Todas as despesas que Paulo tem com o esporte (passagens, inscrições em campeonatos, hospedagem, exames etc) são bancadas por ele mesmo, através de seu trabalho como vendedor em uma loja de roupas.

- Um ano atrás, mais ou menos, fiquei desempregado e não tinha como ir treinar, pois não tinha como gastar dinheiro de passagem para treinar tendo uma filha que depende de mim. Cheguei a ficar um mês sem treinar por vergonha de falar para o meu mestre o que estava acontecendo de verdade, até que um dia ele me chamou e perguntou qual era a minha dificuldade, aí ele me disse que sempre que precisasse era só pedir a ele que ele me ajudaria - disse o lutador.

O atleta, que treina em uma academia no Anil, Zona Oeste do Rio de Janeiro, classifica com uma "vergonha" a falta de investimento financeiro nos esportes aqui no Brasil.

- Não fui ao Pan por não ter condições financeiras. Posso pagar para competir em alguns eventos, mas não tinha dinheiro para ir pro México. Acho uma vergonha um país como o nosso com tantas empresas grandes e com tantos atletas tops, não ter ajuda para o esporte - contou. 
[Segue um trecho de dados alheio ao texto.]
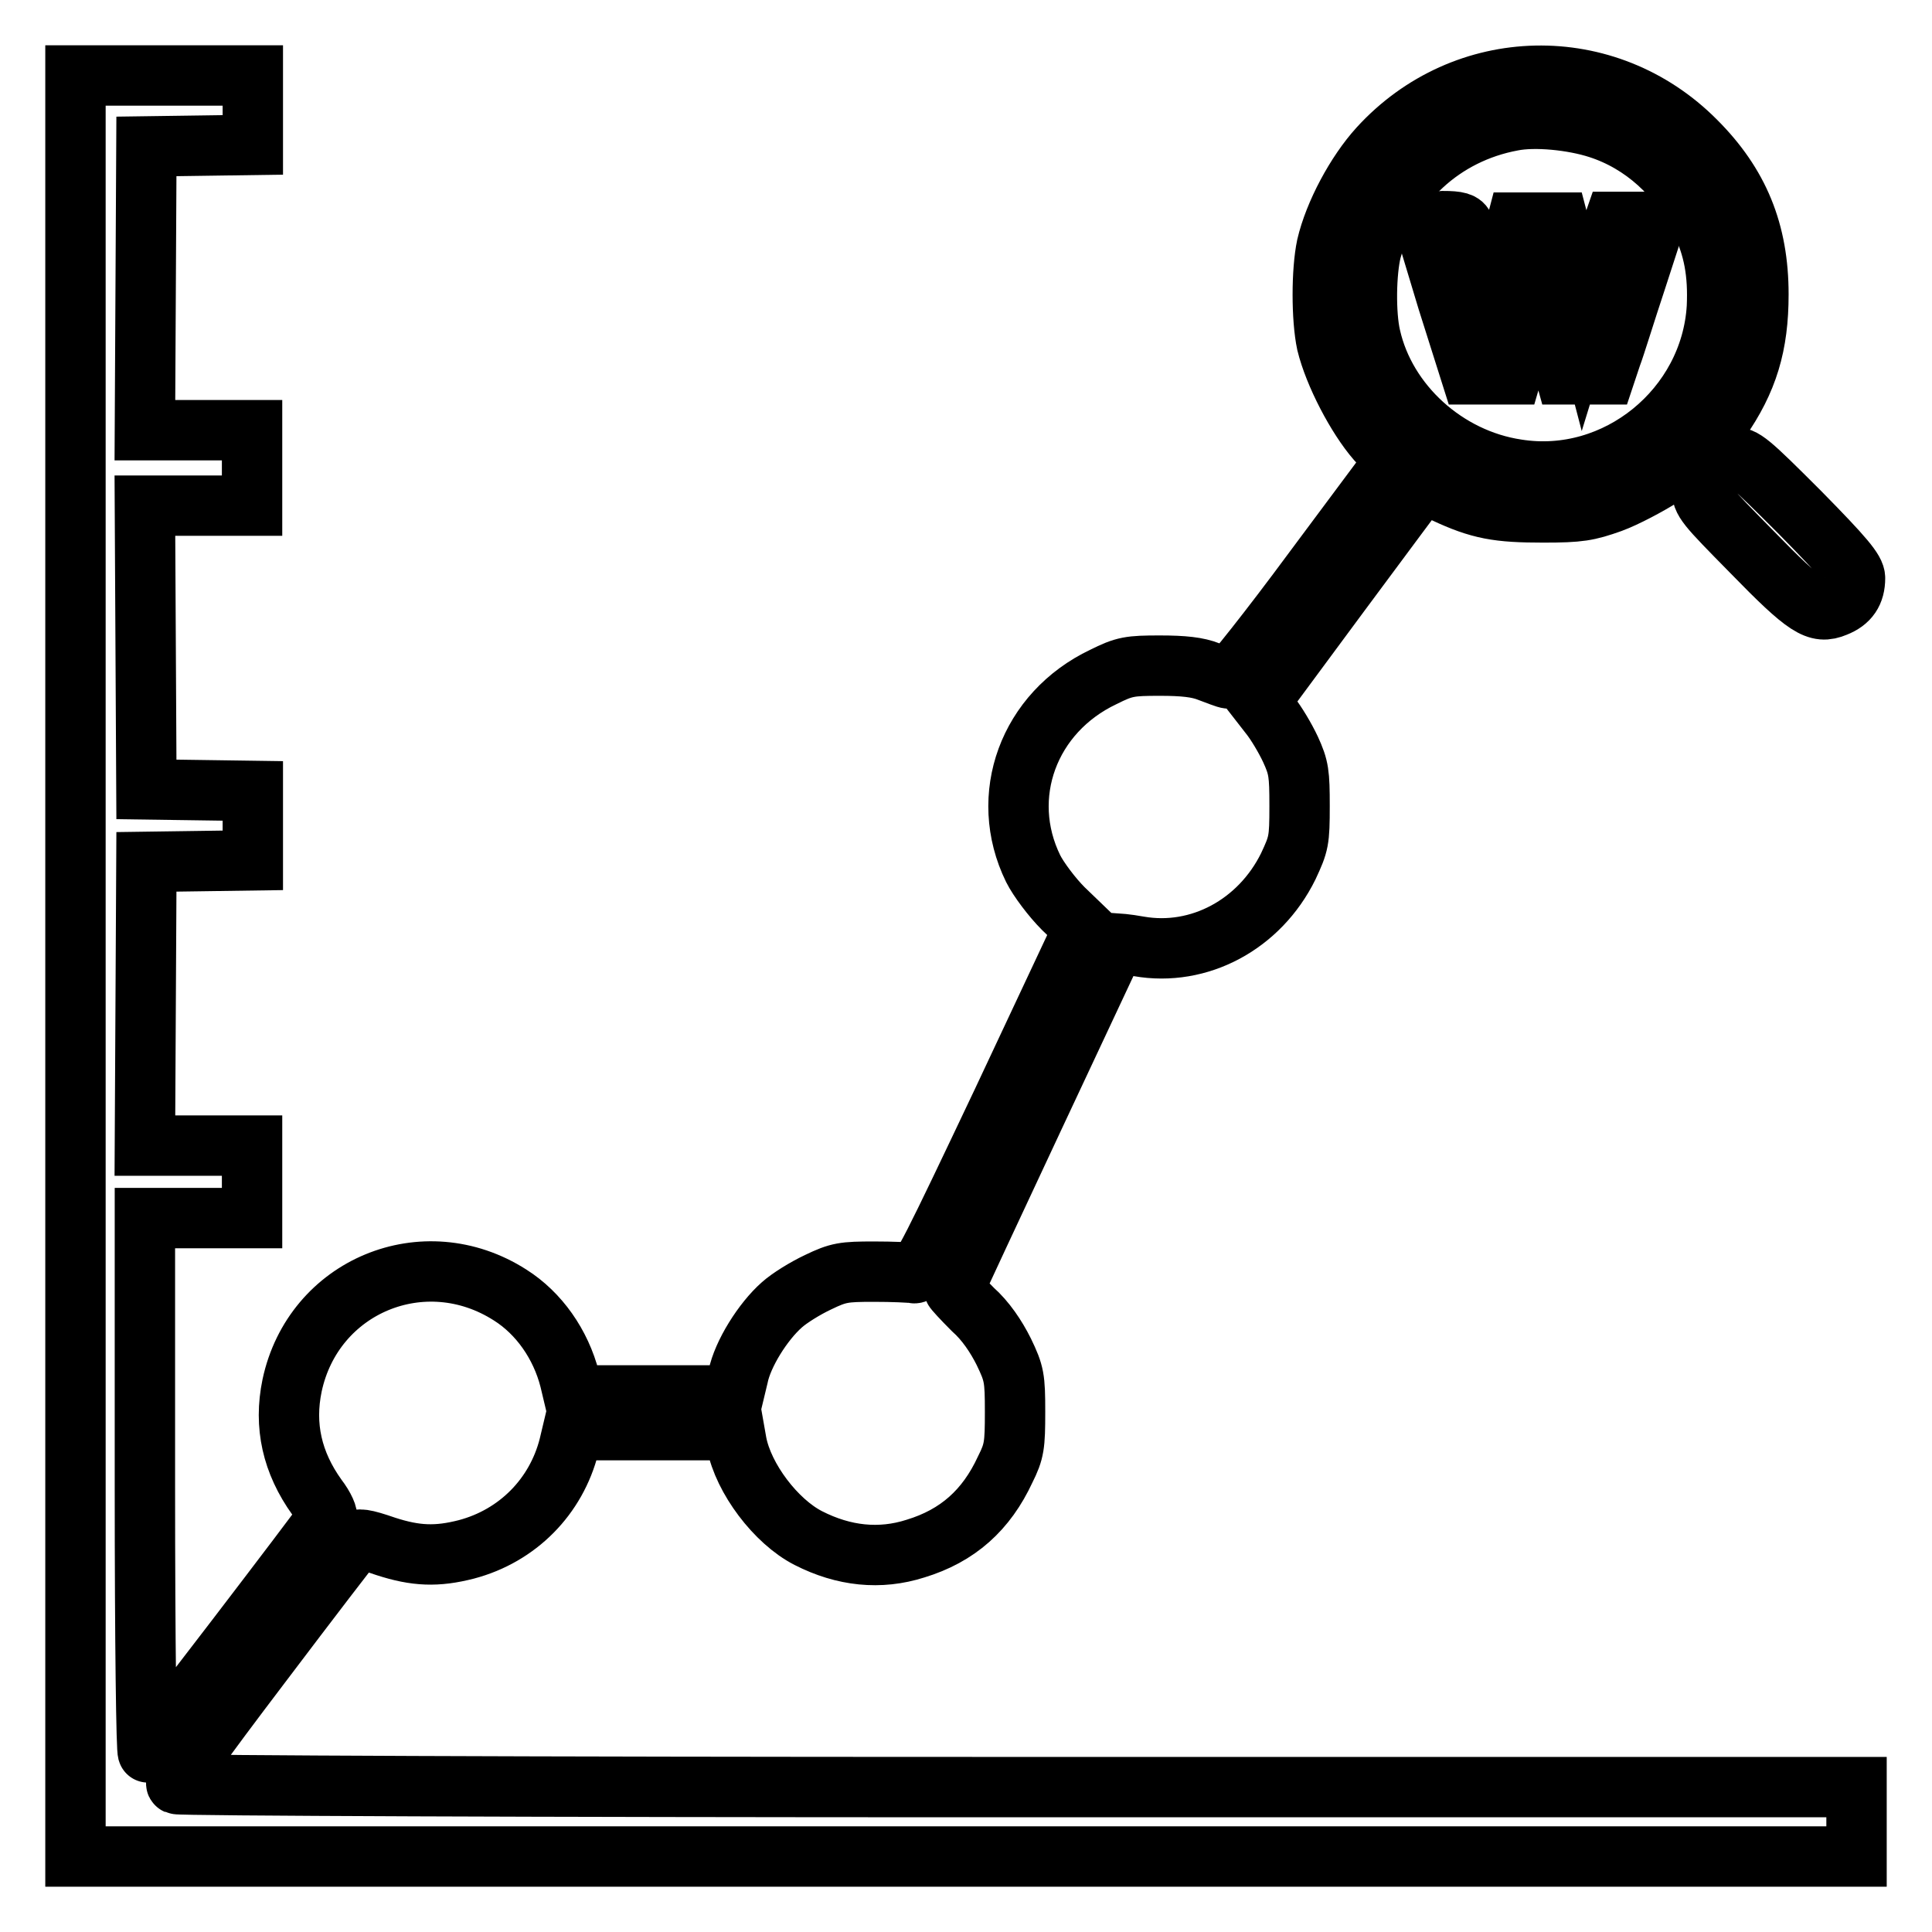 <?xml version="1.0" encoding="utf-8"?>
<!-- Svg Vector Icons : http://www.onlinewebfonts.com/icon -->
<!DOCTYPE svg PUBLIC "-//W3C//DTD SVG 1.1//EN" "http://www.w3.org/Graphics/SVG/1.1/DTD/svg11.dtd">
<svg version="1.1" xmlns="http://www.w3.org/2000/svg" xmlns:xlink="http://www.w3.org/1999/xlink" x="0px" y="0px" viewBox="0 0 256 256" enable-background="new 0 0 256 256" xml:space="preserve">
<g><g><g><path stroke-width="8" fill-opacity="0" stroke="#000000"  d="M10,128v118h118h118v-4.6v-4.6h-5.2c-2.9,0-52.8,0-111,0c-58.2,0-106.1-0.2-106.4-0.4c-0.5-0.2,2.7-4.7,11.2-15.9c6.5-8.6,12.1-15.9,12.4-16.2c0.4-0.5,1.2-0.4,4.1,0.6c4,1.3,6.8,1.4,10.7,0.4c6.8-1.8,11.9-7,13.6-13.7l0.5-2.1h10.7h10.7l0.3,1.7c0.9,4.7,5.2,10.4,9.5,12.6c4.7,2.4,9.5,2.9,14.2,1.4c5.6-1.7,9.4-5.1,11.9-10.5c1.2-2.4,1.3-3.2,1.3-7.6c0-4.5-0.1-5.1-1.5-8c-1-2-2.4-4.1-4.1-5.6c-1.4-1.4-2.5-2.6-2.5-2.7c0-0.2,21.2-45.4,21.4-45.8c0,0,1.5,0.1,3.1,0.4c8,1.4,16-2.9,19.8-10.6c1.4-3,1.5-3.4,1.5-8c0-4.3-0.1-5.1-1.2-7.5c-0.7-1.5-1.9-3.5-2.7-4.5l-1.4-1.8l10.5-14.2c5.8-7.8,10.6-14.3,10.8-14.5c0.2-0.2,1.7,0.2,3.2,1c4.7,2.2,7.1,2.6,13.1,2.6c4.8,0,5.9-0.2,9-1.3c1.9-0.7,4.9-2.3,6.8-3.5l3.3-2.2l0.9,1c0.6,0.7,1,1.7,1,2.8c0,1.7,0.5,2.2,6.6,8.4c7.3,7.5,8.7,8.3,11.1,7.3c1.8-0.7,2.6-1.9,2.6-3.8c0-1-1.4-2.7-7.3-8.7c-6.8-6.8-7.5-7.4-8.9-7.3c-1.2,0-1.9-0.3-2.6-1l-1-1.1l1.9-2.8c3.7-5.3,5.1-10,5.1-16.7c0-8.3-2.6-14.6-8.3-20.3c-11.8-11.9-30.7-11.5-42,0.9c-3,3.3-5.9,8.7-6.9,13c-0.7,3.3-0.7,9.6,0,12.9c1,4.1,4,9.8,6.6,12.8l2.5,2.7l-10.8,14.5c-5.9,8-11.1,14.5-11.3,14.4c-0.3,0-1.5-0.5-2.6-0.9c-1.5-0.6-3.4-0.8-6.5-0.8c-4,0-4.7,0.1-7.5,1.5c-9.9,4.7-14,15.8-9.3,25.4c0.7,1.4,2.5,3.8,4,5.3l2.7,2.6l-10.8,23c-9.2,19.4-10.9,22.9-11.7,22.7c-0.5-0.1-2.9-0.2-5.3-0.2c-4,0-4.7,0.1-7.4,1.4c-1.7,0.8-3.8,2.1-4.8,3c-2.5,2.2-5.2,6.5-5.8,9.5l-0.6,2.5H86.7H76l-0.5-2.1c-1.2-4.7-4.1-8.8-7.9-11.2c-11.4-7.3-26.1-1.2-28.9,12c-1.1,5.3,0,10.2,3.3,14.8c1,1.3,1.5,2.5,1.3,2.8c-0.8,1.3-23.3,30.7-23.7,31c-0.2,0.1-0.4-14.2-0.4-35.3v-35.5h7.1h7.1v-4.8v-4.8h-7.1h-7.1l0.1-18.8l0.1-18.8l7.1-0.1l7-0.1v-4.6v-4.6l-7-0.1l-7.1-0.1l-0.1-18.8l-0.1-18.8h7.1h7.1v-4.8V57h-7.1h-7.1l0.1-18.8l0.1-18.8l7.1-0.1l7-0.1v-4.6V10H21.8H10V128z M211.8,17c5.9,1.9,10.7,6.3,13.5,12.1c1.8,3.7,2.4,7.1,2.2,11.6c-0.8,13.4-13.3,23.6-26.5,21.5c-9.4-1.4-17.4-8.7-19.4-17.6c-0.7-3-0.6-8.6,0.1-11.4c2.4-8.9,9.5-15.5,18.7-17.2C203.4,15.4,208.4,15.9,211.8,17z"/><path stroke-width="8" fill-opacity="0" stroke="#000000"  d="M188.8,29.7c0,0.2,1.4,4.8,3,10.1l3.1,9.8h2.7h2.7l0.7-2.4c0.4-1.3,0.9-3.3,1.2-4.4c1.2-4.9,1.5-5.7,1.7-5.5c0.1,0.1,0.7,2.2,1.4,4.5c0.6,2.4,1.3,5.1,1.6,6l0.5,1.8h2.7h2.6l0.8-2.4c0.5-1.3,1.9-5.9,3.3-10.1l2.5-7.7h-2.7h-2.7L213,32c-0.4,1.5-1.3,4.4-1.9,6.6l-1.2,3.9l-1.7-6.5l-1.7-6.5h-2.8h-2.7l-1.7,6.5c-0.9,3.5-1.8,6.1-1.9,5.8c-0.2-0.4-0.9-3-1.7-5.8c-0.8-2.8-1.5-5.4-1.7-5.9c-0.2-0.6-0.8-0.8-2.8-0.8C190,29.4,188.8,29.5,188.8,29.7z"/></g></g></g>
</svg>

Paulo, se queixou do fato de só o futebol ser notado pelos patrocinadores e ainda falou que deseja realizar um trabalho social ligado ao esporte que pratica.

- Só patrocinam futebol, e agora o UFC. A estrutura para o outros esportes no Brasil ainda é muito ruim. Na academia que treino, temos equipamentos colados com fita, por não termos condições de comprar outros. Tenho um sonho de montar um projeto social e dar aula para crianças carentes. Mas como vou fazer sem apoio? - lamentou.

BATE BOLA

LANCENET: Considerando as dificuldades financeiras que você e muitos outros atletas passam por falta de patrocínio, você acha que vale a pena ser um profissional do esporte no Brasil?

Paulo: Eu acho que vale a pena seguir pelo fato de você fazer uma coisa que ama de verdade, e isso é valido na vida toda e para tudo que você realmente ama. Mesmo que eu não consiga patrocínios, mesmo que eu não tenha grana eu vou treinar e tentar lutar. Assim como será feito no próximo brasileiro que será realizado em Santos e eu não tenho quem possa me ajudar, mas estamos correndo atrás e Deus vai nos ajudar.

LANCENET: Qual a sua opinião sobre o MMA?

Paulo: Eu acho que é um esporte muito legal, acabou virando uma paixão nacional assim como o futebol. Eu não perco um evento. Gosto de ver alguns lutadores que vieram do taekwondo, como Edson Barboza, Bem Henderson e, é claro, o Anderson Silva.

LANCENET: Você lutaria em algum UFC?

Paulo: Acho que se tivesse uma oportunidade, uma preparação adequada, eu lutaria sim.

LANCENET: Qual é sua maior inspiração?

Paulo: Minha maior inspiração é minha filha. Na final do brasileiro ela falou assim para mim: "pai vai lá e ganha o cordão de ouro para mim".

LANCENET: Se você fosse ao Pan, sem patrocínio, ou bancado por uma empresa internacional, você representaria o Brasil com orgulho?

Paulo: Representaria sim. Apesar destes problemas, seria um orgulho lutar pelo nosso país.